TASK INSTRUCTIONS: Would you transcribe the line containing "STEP (ISO 10303-21)" and every line after it, through the end of the records below, exactly and with nothing else?

(Stored data entries)

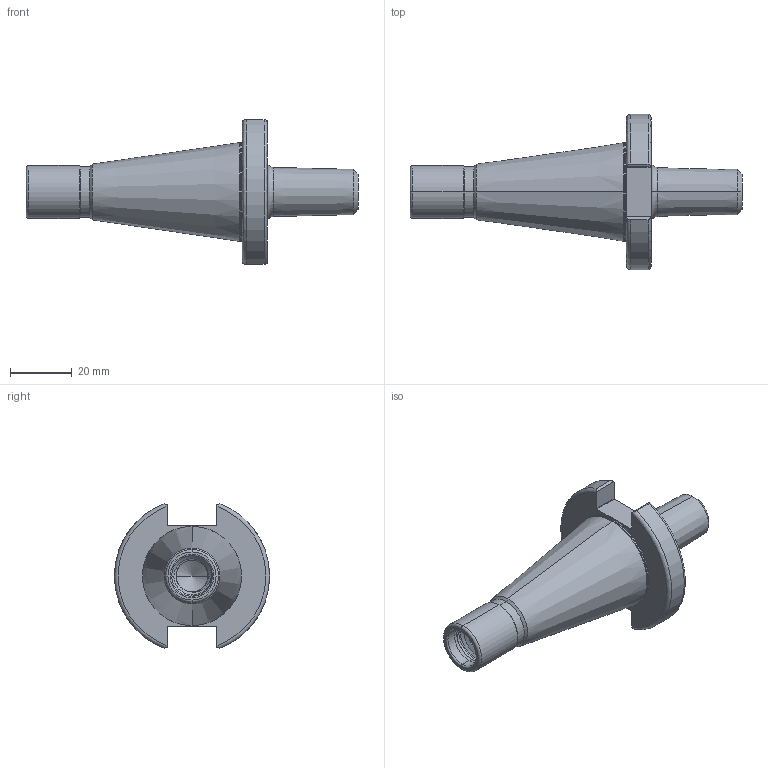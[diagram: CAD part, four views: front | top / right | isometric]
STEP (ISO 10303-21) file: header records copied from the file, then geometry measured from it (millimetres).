
FILE_DESCRIPTION (( 'STEP AP203' ), '1' );
FILE_NAME ('301.14.16.STEP', '2016-10-25T06:32:49', ( '' ), ( '' ), 'SwSTEP 2.0', 'SolidWorks 2012', '' );
FILE_SCHEMA (( 'CONFIG_CONTROL_DESIGN' ));
Length unit declared in the file: millimetre
Products named in the file (1): 301.14.16
Bounding box: 107.4 x 50.2 x 46.86 mm (x, y, z)
Volume: 44919.5 mm3; surface area: 12263.5 mm2
Topology: 1 solids, 1 shells, 95 faces, 235 edges, 142 vertices
Faces by surface type: cylinder 37, cone 23, torus 18, plane 15, bspline 2
Entity records: 4658 total; most frequent: CARTESIAN_POINT 2457, ORIENTED_EDGE 462, DIRECTION 443, EDGE_CURVE 231, AXIS2_PLACEMENT_3D 179, VERTEX_POINT 142, EDGE_LOOP 99, ADVANCED_FACE 95

REPLY:
STEP (ISO 10303-21) file: header records copied from the file, then geometry measured from it (millimetres).
FILE_DESCRIPTION (( 'STEP AP203' ), '1' );
FILE_NAME ('301.14.16.STEP', '2016-10-25T06:32:49', ( '' ), ( '' ), 'SwSTEP 2.0', 'SolidWorks 2012', '' );
FILE_SCHEMA (( 'CONFIG_CONTROL_DESIGN' ));
Length unit declared in the file: millimetre
Products named in the file (1): 301.14.16
Bounding box: 107.4 x 50.2 x 46.86 mm (x, y, z)
Volume: 44919.5 mm3; surface area: 12263.5 mm2
Topology: 1 solids, 1 shells, 95 faces, 235 edges, 142 vertices
Faces by surface type: cylinder 37, cone 23, torus 18, plane 15, bspline 2
Entity records: 4658 total; most frequent: CARTESIAN_POINT 2457, ORIENTED_EDGE 462, DIRECTION 443, EDGE_CURVE 231, AXIS2_PLACEMENT_3D 179, VERTEX_POINT 142, EDGE_LOOP 99, ADVANCED_FACE 95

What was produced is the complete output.